Out of all those products, the FDA has granted marketing orders for just two device brands: Vuse Solo, which was approved last October, and Logic, which was approved in March. The FDA also approved tobacco-flavored cartridges/capsules for those devices while rejecting applications for other flavors.

Myblu is made by Fontem US, a division of Imperial Tobacco. The FDA says the applications for Fontem's products were rejected partly because the company failed to present "sufficient evidence regarding design features, manufacturing, and stability." But the FDA also says "the applications did not demonstrate that the potential benefit to smokers who switch completely or significantly reduce their cigarette use would outweigh the risk to youth."

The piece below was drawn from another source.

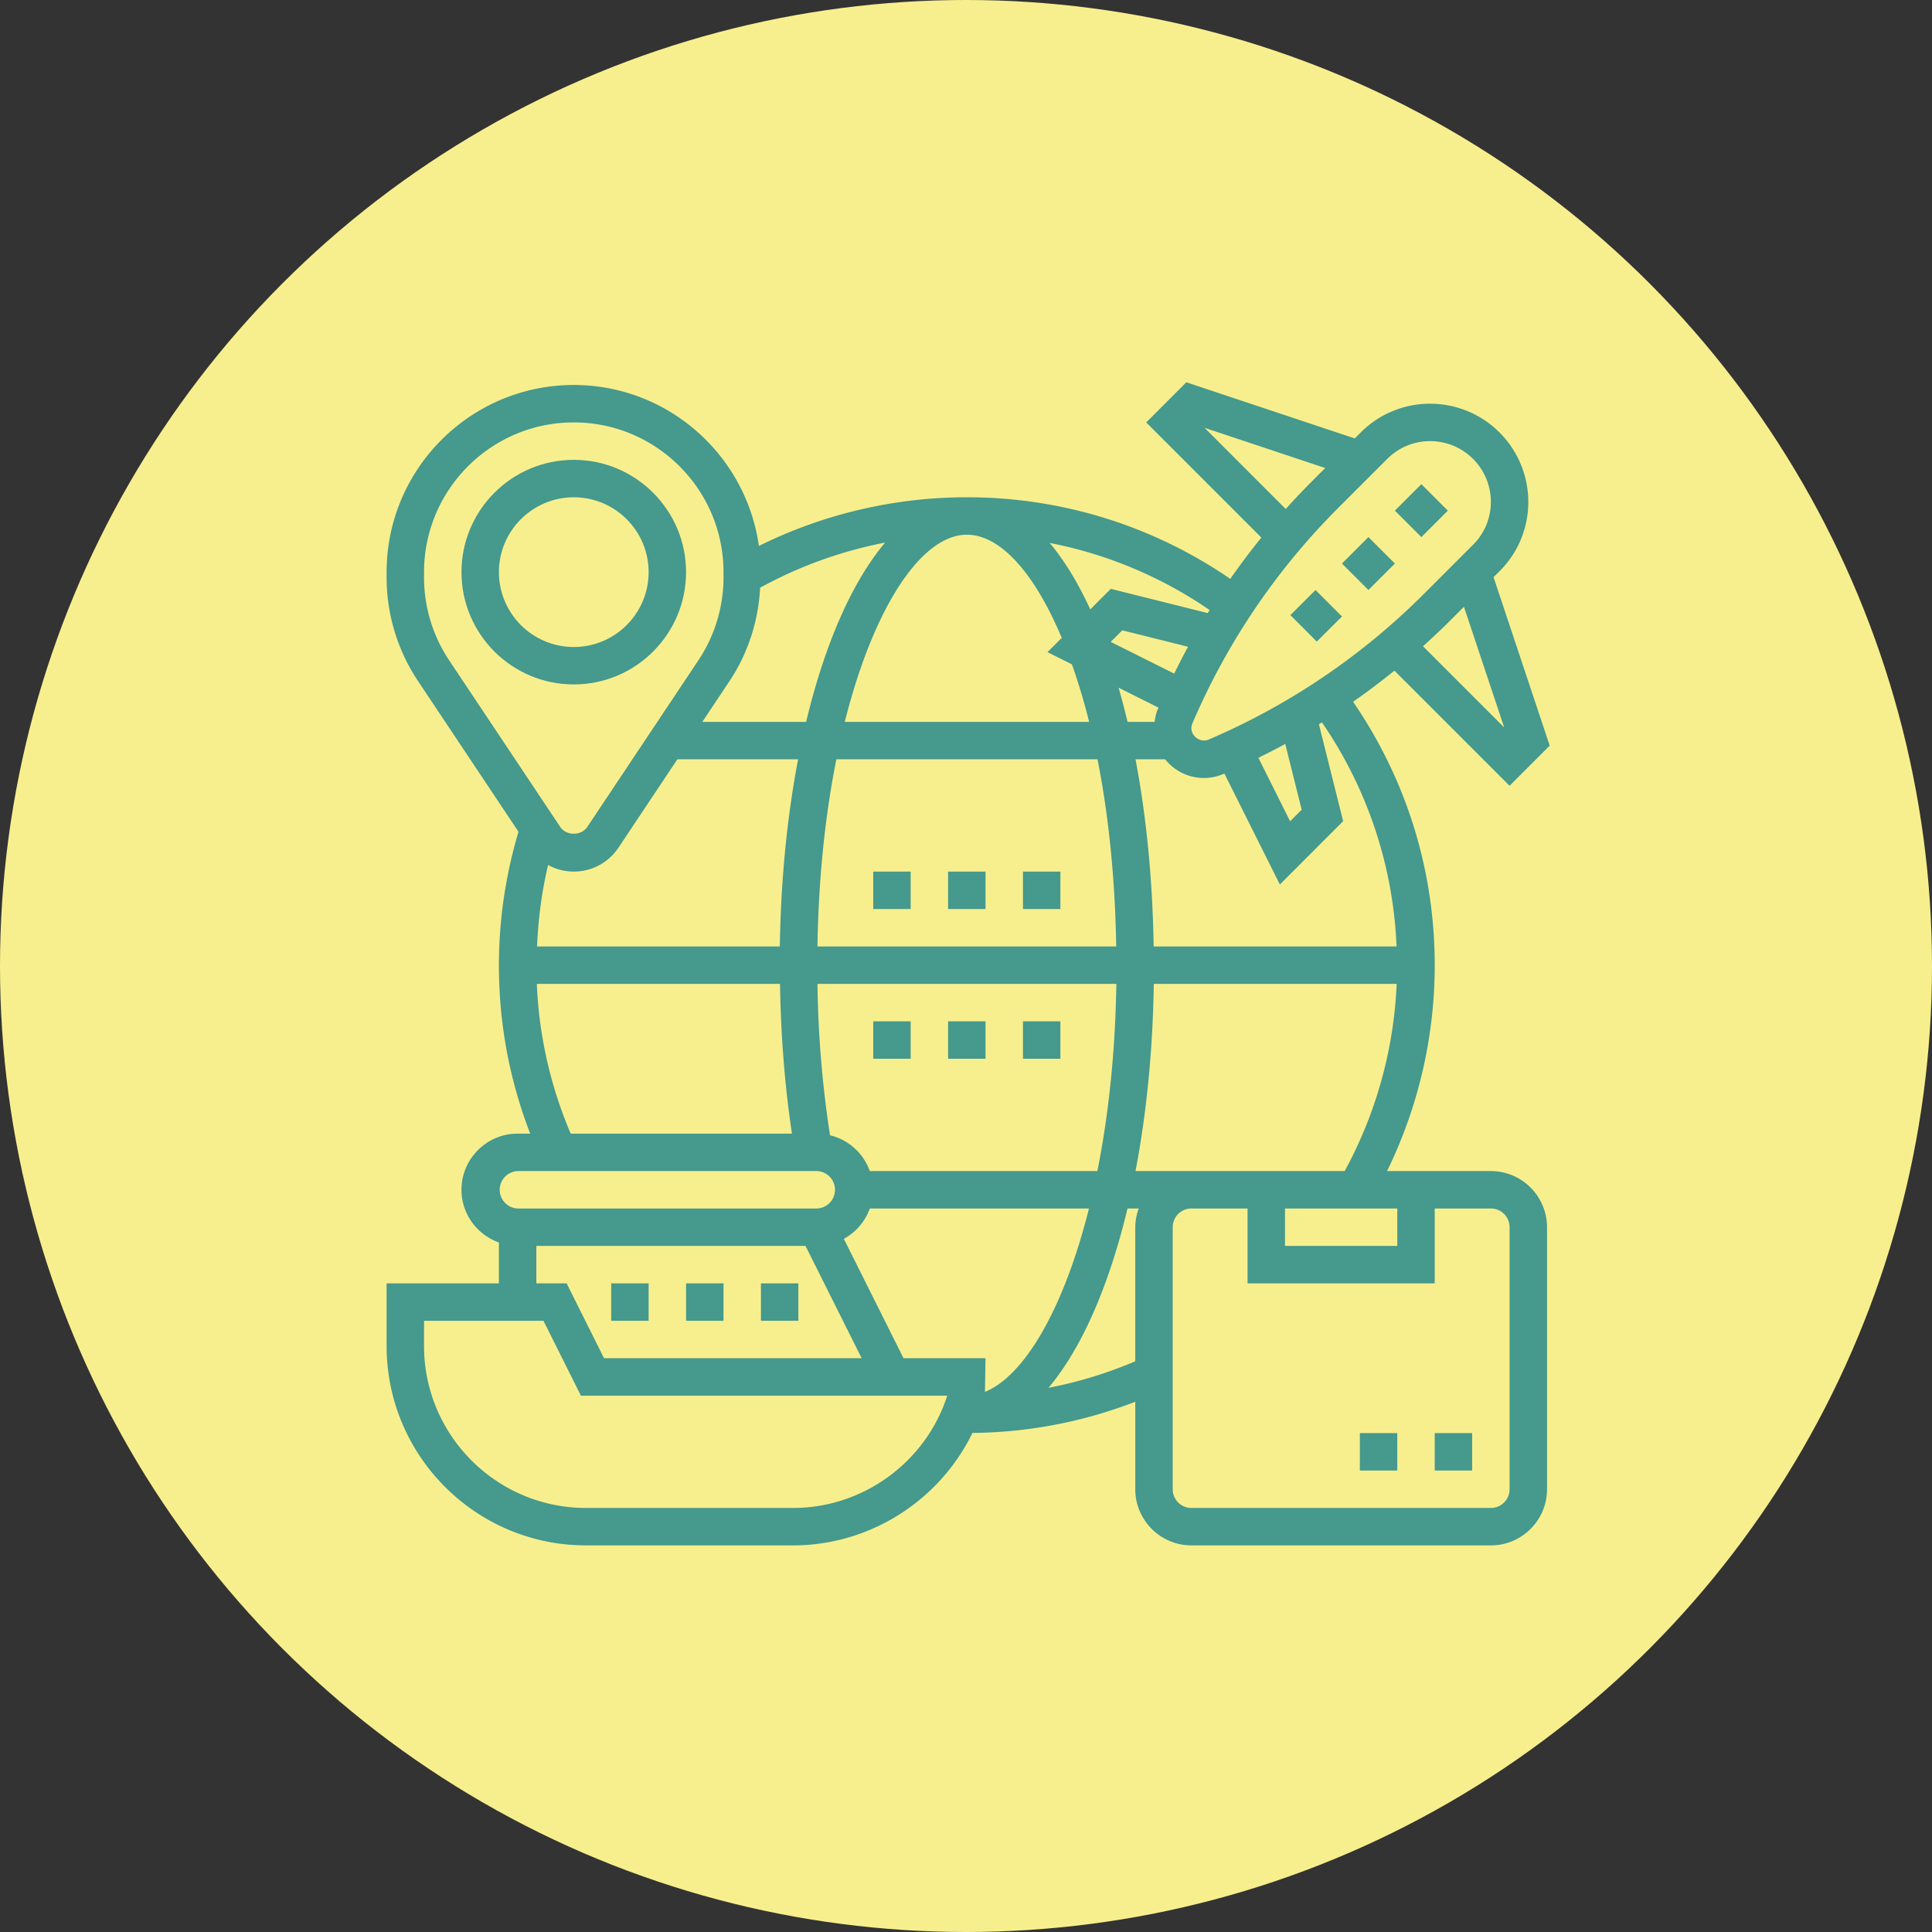 <svg xmlns="http://www.w3.org/2000/svg" version="1.1" xmlns:xlink="http://www.w3.org/1999/xlink" width="512" height="512" x="0" y="0" viewBox="0 0 64 64" style="enable-background:new 0 0 512 512" xml:space="preserve" class=""><rect x="0" y="0" width="64" height="64" fill="#333333" stroke="none"/><circle r="32" cx="32" cy="32" fill="#f7ef8e" shape="circle"></circle><g transform="matrix(0.62,0,0,0.62,12.187,12.133)"><path d="M17 11c0-3.309-2.691-6-6-6s-6 2.691-6 6 2.691 6 6 6 6-2.691 6-6zM7 11c0-2.206 1.794-4 4-4s4 1.794 4 4-1.794 4-4 4-4-1.794-4-4zM54.872 7.713l1.414-1.414L57.7 7.713l-1.414 1.414zM52.043 10.54l1.414-1.414 1.414 1.414-1.414 1.414zM49.287 13.297l1.343-1.342 1.414 1.414L50.7 14.71z" fill="#45998d" opacity="1" data-original="#000000"></path><path d="M60 43h-5.547A25.025 25.025 0 0 0 57 32c0-5.08-1.516-9.919-4.361-14.076a38.593 38.593 0 0 0 2.209-1.661L61 22.414l2.144-2.144-3-9.001.32-.32A5.2 5.2 0 0 0 62 7.242 5.249 5.249 0 0 0 56.757 2a5.215 5.215 0 0 0-3.707 1.534l-.322.322-8.999-3L41.586 3l6.152 6.152a38.11 38.11 0 0 0-1.661 2.208A24.776 24.776 0 0 0 32 7c-3.865 0-7.674.897-11.109 2.601C20.207 4.749 16.038 1 11 1 5.486 1 1 5.486 1 11v.275a9.97 9.97 0 0 0 1.68 5.547l5.367 8.05A24.963 24.963 0 0 0 7 32c0 3.116.565 6.136 1.673 9H8c-1.654 0-3 1.346-3 3 0 1.302.839 2.402 2 2.816V49H1v3.349C1 58.222 5.778 63 11.651 63H22.72c4.109 0 7.823-2.398 9.581-6.008a24.802 24.802 0 0 0 8.7-1.665V60c0 1.654 1.346 3 3 3h16c1.654 0 3-1.346 3-3V46A3.005 3.005 0 0 0 60 43zm-11 2h6v2h-6zm-5-2h-2.986c.579-3.024.922-6.404.976-10h12.977a22.964 22.964 0 0 1-2.777 10zM32.969 54.798 33 53h-4.382l-3.189-6.379A2.996 2.996 0 0 0 26.816 45h11.711c-1.352 5.386-3.457 8.946-5.558 9.798zM26.816 43a2.999 2.999 0 0 0-2.125-1.912A57.963 57.963 0 0 1 24.02 33h15.97c-.057 3.697-.428 7.067-1.014 10zM9.038 31c.063-1.472.251-2.929.59-4.352a2.866 2.866 0 0 0 3.759-.925L16.535 21h6.451c-.579 3.024-.922 6.404-.976 10zM25.03 21h13.953c.606 3.058.944 6.462.999 10H24.019c.058-3.696.424-7.069 1.011-10zM32 9c1.777 0 3.605 2.012 5.072 5.514l-.76.76 1.304.652c.34.965.649 1.988.92 3.074H25.479C27.042 12.789 29.606 9 32 9zm11.08 7.422-3.392-1.696.619-.618 3.514.878c-.258.472-.502.952-.741 1.436zm-.84 1.816-.025.054c-.098.227-.15.466-.181.708h-1.446a39.766 39.766 0 0 0-.479-1.827zM54.961 31H41.982c-.053-3.518-.382-6.913-.968-10h1.584a2.642 2.642 0 0 0 3.109.785l.055-.025 2.964 5.928 3.381-3.382-1.294-5.177c.054-.033.106-.069.16-.103A22.758 22.758 0 0 1 54.961 31zm-5.947-10.821.878 3.514-.619.618-1.696-3.392c.485-.238.965-.482 1.437-.74zm11.698-.881-4.338-4.338c.503-.453.997-.917 1.477-1.398l.711-.711zM56.757 4A3.246 3.246 0 0 1 60 7.242c0 .867-.337 1.681-.95 2.293l-2.613 2.613a36.633 36.633 0 0 1-11.516 7.798c-.423.178-.921-.152-.921-.605a.67.67 0 0 1 .053-.261 36.647 36.647 0 0 1 7.798-11.518l2.612-2.613v.001A3.227 3.227 0 0 1 56.757 4zm-12.054-.712 6.446 2.149-.711.712c-.481.481-.945.975-1.398 1.477zm.167 9.899-5.176-1.295-1.098 1.098c-.657-1.427-1.384-2.619-2.167-3.55a22.712 22.712 0 0 1 8.545 3.586c-.035.055-.071.107-.104.161zm-23.911-1.356a22.916 22.916 0 0 1 6.676-2.41c-1.764 2.09-3.227 5.425-4.22 9.579h-5.547l1.452-2.178c.995-1.493 1.54-3.21 1.639-4.991zM3 11.275V11c0-4.411 3.589-8 8-8s8 3.589 8 8v.275a7.977 7.977 0 0 1-1.344 4.438l-5.934 8.9c-.323.484-1.122.484-1.445 0l-5.934-8.9A7.981 7.981 0 0 1 3 11.275zM9.026 33H22.02c.042 2.766.255 5.446.637 8H10.836a22.778 22.778 0 0 1-1.81-8zM8 43h16a1.001 1.001 0 0 1 0 2H8a1.001 1.001 0 0 1 0-2zm1 4h14.382l3 6H12.618l-2-4H9zm13.72 14H11.651C6.881 61 3 57.119 3 52.349V51h6.382l2 4h19.573c-1.143 3.547-4.489 6-8.235 6zm13.644-6.42c1.764-2.09 3.228-5.426 4.221-9.58h.599A2.966 2.966 0 0 0 41 46v7.163c-1.5.64-3.048 1.113-4.636 1.417zM61 60c0 .552-.449 1-1 1H44c-.551 0-1-.448-1-1V46c0-.552.449-1 1-1h3v4h10v-4h3c.551 0 1 .448 1 1z" fill="#45998d" opacity="1" data-original="#000000"></path><path d="M57 57h2v2h-2zM53 57h2v2h-2zM17 49h2v2h-2zM21 49h2v2h-2zM13 49h2v2h-2zM27 35h2v2h-2zM35 35h2v2h-2zM31 35h2v2h-2zM35 27h2v2h-2zM31 27h2v2h-2zM27 27h2v2h-2z" fill="#45998d" opacity="1" data-original="#000000"></path></g></svg>

The latter concern is puzzling on its face. According to the most recent National Youth Tobacco Survey, disposable e-cigarettes are more popular among teenagers than vaping devices with prefilled or refillable pods, which in turn are more popular than mods or tank systems. The most popular brand by far, mentioned by about 27 percent of respondents, was Puff Bar, which makes disposable e-cigarettes. The second-most popular was Vuse (10.5 percent), followed by SMOK (8.6 percent), Juul (6.8 percent), and Suorin (2.1 percent). Myblu's share of the underage market seems to be tiny.

The approval of Vuse Solo, Logic Power, and Logic Pro was consistent with the FDA's bias against e-liquids in flavors other than tobacco, which it worries are too enticing for teenagers, although they are also highly popular among adults. The Vuse and Logic products are "closed system" devices, meaning they cannot be refilled with e-liquids made by other companies, while the cartridges and capsules that the FDA deemed acceptable contain nicotine solutions that taste like tobacco. Yet both of those things ostensibly are true of the myblu products that the FDA rejected. How can it be that allowing the marketing of Vuse Solo, Logic Power, and Logic Pro is "appropriate for the protection of the public health," while allowing the marketing of myblu is not?

Perhaps the FDA was concerned that myblu could be used with e-liquids made by other companies that offer a wider variety of flavors. Fontem claims the device is not compatible with third-party pods, saying "use of blu rechargeable devices with other brands may cause malfunctions and will void your warranty." But although the manufacturer does not approve, it is pretty easy to open a myblu pod and refill it with an e-liquid of your choice. If the FDA was not satisfied by the company's assurances on that score, it may have concluded that myblu is intolerable because it could be used to vape unapproved e-liquids.

"The rejection of the myblu Premarket Tobacco Application (PMTA) is the first announced MDO issued for a pod-based vape product made by a major tobacco company," Vaping360's Jim McDonald notes. "The denial is significant because the FDA is still reviewing PMTAs submitted by other large companies for pod-based devices—including Juul Labs' JUUL device and pods, British American Tobacco's Vuse Alto, and NJOY's Ace device. Those devices (and their refill pods) make up a majority of the convenience store/gas station segment of the vaping market." McDonald adds that "the myblu denials could indicate that the FDA will reject those other pod-based products too, perhaps because their nicotine delivery is more effective than the older-generation Vuse Solo and the two Logic products that have received marketing authorization."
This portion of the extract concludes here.